Cette étude espagnole sur le jus d'orange n'est qu'une publication parmi de nombreuses autres à présenter des liens avec Coca-Cola. Rien que pour l'année 2018, neuf articles scientifiques publiés dans les 10 principales revues de nutrition présentaient des liens évidents avec cette firme. Et Coca-Cola n'est pas le seul groupe industriel impliqué dans la recherche en nutrition : d'autres, comme Nestlé et Danone, arrivent très largement en tête (voir le tableau ci-dessous).
La part des financements privés dans la recherche augmente
Les fabricants de produits transformés (Nestlé, Unilever, Kellogg’s, Ferrero, Mars…) sont ainsi les premiers à s'impliquer dans la recherche en nutrition, suivis par les fabricants de compléments alimentaires et les spécialistes des produits laitiers.

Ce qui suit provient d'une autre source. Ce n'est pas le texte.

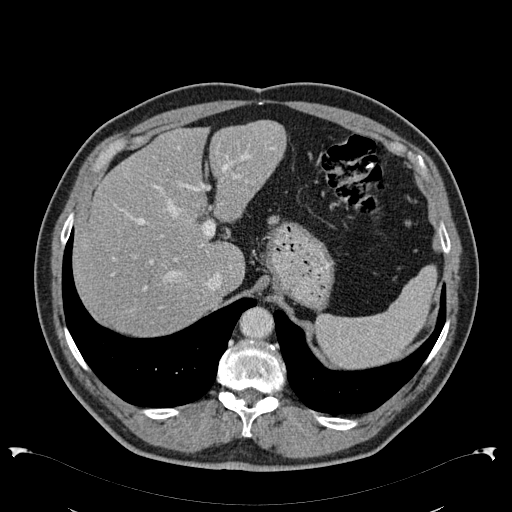
Upper abdomen. CT image. <segmentation>
  <liver><bbox>74, 127, 244, 334</bbox>, <bbox>209, 121, 285, 222</bbox></liver>
</segmentation>
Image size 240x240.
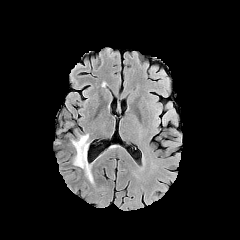
FLAIR MRI.
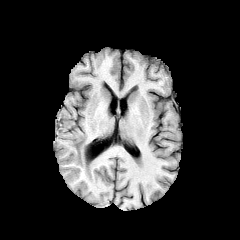
T1-weighted magnetic resonance.
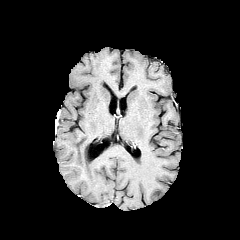
Post-contrast T1-weighted MR image.
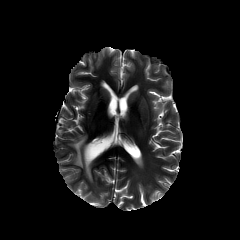
T2-weighted MR image.
The edema appears at box(70, 133, 93, 182).
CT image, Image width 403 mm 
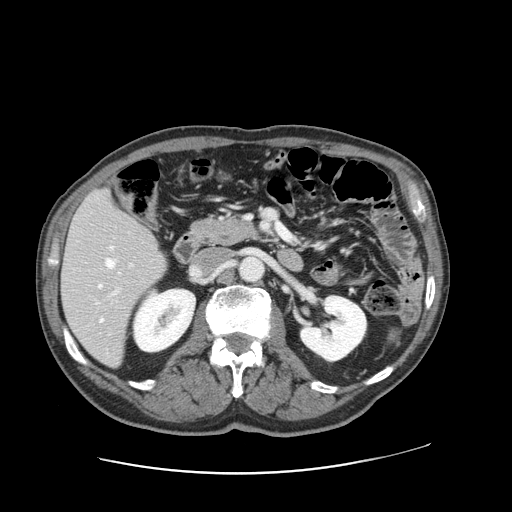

Viennent ensuite toutes sortes d’associations de producteurs agricoles, des fabricants de soda, l’industrie de la viande ou encore les producteurs d’additifs et la grande distribution.
Cette étude n'est pas la première à montrer l'influence de l'industrie agroalimentaire sur la recherche en nutrition, mais elle confirme malheureusement que le problème perdure. Il pourrait même s'accentuer, d'après Gary Sacks, car « partout dans le monde, les financements publics de la recherche en nutrition diminuent, et la part des financements privés augmente ».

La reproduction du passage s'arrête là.